В процессе работы над «Честью» мне в той же московской прокуратуре, о которой шла речь в связи с делом Алика Федорова, помню, очень нужно было поговорить с одной женщиной-следователем, но она долго не могла уделить мне времени: «У нас очень важное дело». И только потом она мне раскрыла причину. У нее на руках было тоже дело об изнасиловании, но она заподозрила что-то другое. Она очень долго, умно и по-женски тонко вела беседы с этой девушкой и добилась своего: девушка призналась, что изнасилования не было, а в том, что произошло, виновата она сама. Когда же я выразил следователю свое восхищение ее работой, она очень просто ответила: «А как же? Ведь человеку грозила тюрьма!»
Вот это искусство! Работа минского судьи Тарасова и следственных работников, разгадавших «дело» Любы Дублинской, о котором говорилось выше, — тоже искусство.
Или случай, о котором нам поведал журнал «Огонек». Заведующая магазином не успела вечером сдать выручку и заперла ее в ящике стола, а придя утром, денег там не нашла. Началось дознание, и так как ключи от стола были у нее и никаких следов взлома не обнаружилось, то, естественно, на нее пало первое подозрение. Но от имени Фемиды в данном случае выступал умный и честный человек, стоящий, видимо, на точке зрения презумпции невиновности. Поэтому он не спешил с выводами и постарался найти другое объяснение совершившемуся. Он долго искал и наконец нашел вора. Этим вором оказались… крысы. За ночь они перетаскали все бумажки к себе под пол и сделали из них гнездо. Взломали пол, и деньги были возвращены государству, а человеку — честь.
Вот это талант!
В другом месте, другой заведующий оказался в таком же примерно положении. Ночью воры проломили дыру в потолке магазина и совершили крупную кражу. Так объяснил это заведующий. Но один из следователей заметил, что дыра оплетена паутиной. Как же так? Значит, дыра эта была давно? Заведующий растерялся, но продолжал утверждать, что вечером, накануне кражи, дыры не было. И тогда следователь решил проверить: он просидел восемь часов подряд и видел, как на его глазах за это время паук снова оплел дыру паутиной.
Вот это тоже талант и опять та же самая презумпция невиновности!

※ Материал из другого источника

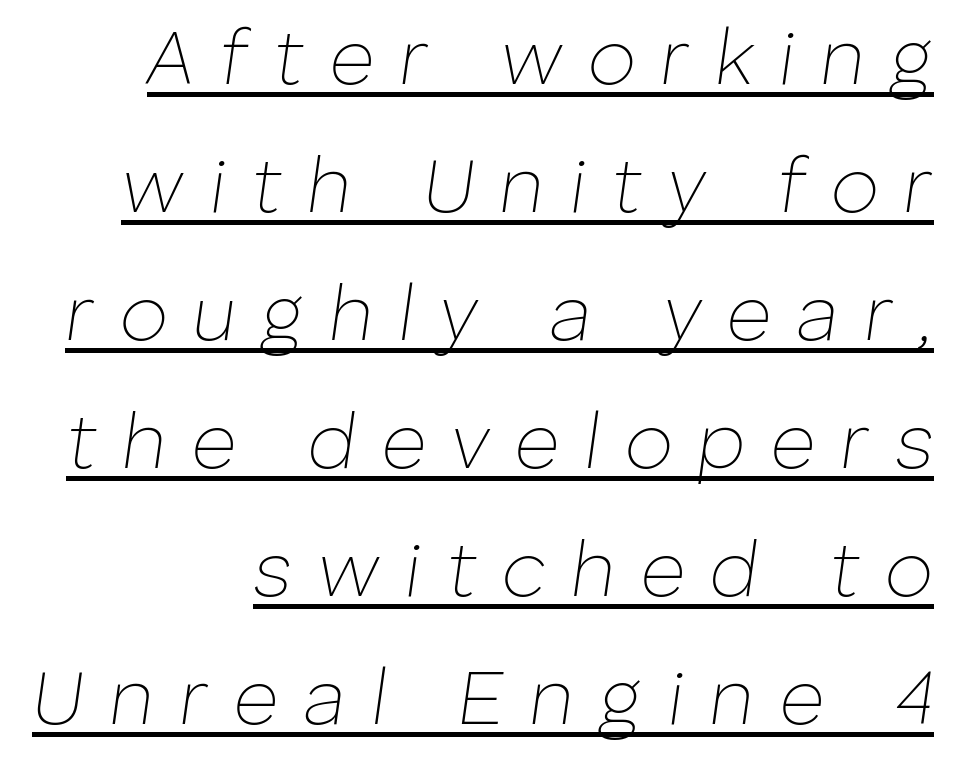
The image shows 78 px thin type, italic (leaning right); set right-aligned, normal line spacing (1.64x), unusually wide letter spacing (+0.32 em), underlined; low stroke contrast and a medium x-height.

Случай на войне. В полку поймали шпиона. Это был пожилой, с виду очень нескладный солдат, за что и получил шутливое прозвище — «Чучело». Он сам кому-то многозначительно намекнул, что бывал у немцев, рассказывал, какие он имел с ними разговоры и где бывал. Время военное, и его, конечно, арестовали как шпиона. Но следователем оказался молодой человек, комсомолец, со свежей и умной головой. Кстати, это тот, к которому я впоследствии пришел с тем «сумасшедшим» письмом Сашки Пшеная и который помог мне его выручить. Следователь усомнился во всем этом деле (снова презумпция невиновности) и сделал ряд запросов по частям, о которых говорил шпион. И тогда обнаружилось, что и частей этих нет и места, и даты перепутаны, и установлено было, что на самом деле «Чучело» в это время был совсем в других, далеких от фронта частях и теперь просто похвалялся перед молодыми солдатами своей бывалостью и похождениями. Своего рода солдат Швейк.

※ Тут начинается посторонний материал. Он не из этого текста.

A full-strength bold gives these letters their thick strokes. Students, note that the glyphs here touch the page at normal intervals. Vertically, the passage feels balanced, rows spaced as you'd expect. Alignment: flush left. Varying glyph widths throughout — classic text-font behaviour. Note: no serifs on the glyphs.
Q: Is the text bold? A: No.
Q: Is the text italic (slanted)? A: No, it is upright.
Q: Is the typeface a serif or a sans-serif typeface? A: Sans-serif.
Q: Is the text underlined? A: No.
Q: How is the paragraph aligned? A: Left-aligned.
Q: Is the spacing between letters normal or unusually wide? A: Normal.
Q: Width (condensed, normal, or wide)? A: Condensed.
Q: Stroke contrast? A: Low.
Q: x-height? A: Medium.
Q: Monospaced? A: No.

Нет, я никак не хочу порочить нашу «Фемиду» — работников следствия, суда, прокуратуры и всю «юриспруденцию». Они делают почетное, общественно необходимое дело, они стоят на ответственном посту, но нужно, чтобы свою вахту все они несли с полной ответственностью, достойно. Об этом писал и А. Ф. Кони, наш выдающийся русский юрист-демократ, настаивая на «опрятности приемов обвинения». Он говорил о нравственной цельности судебного деятеля «на всех ступенях его работы и даже в частной жизни», ибо «стрела тогда лишь бьет высоко, когда здорова тетива».
Этого же требует от юриста и наше общество. В. И. Ленин в письме к наркому юстиции Курскому придавал самому судебному процессу громадное воспитательное значение. М. И. Калинин говорил, что приговор не только должен быть правильным, но и должен быть признан правильным. А потому, обращаясь к судьям, можно было бы с полным правом сказать: когда вы выносите свой приговор, сидящие в зале выносят приговор вам.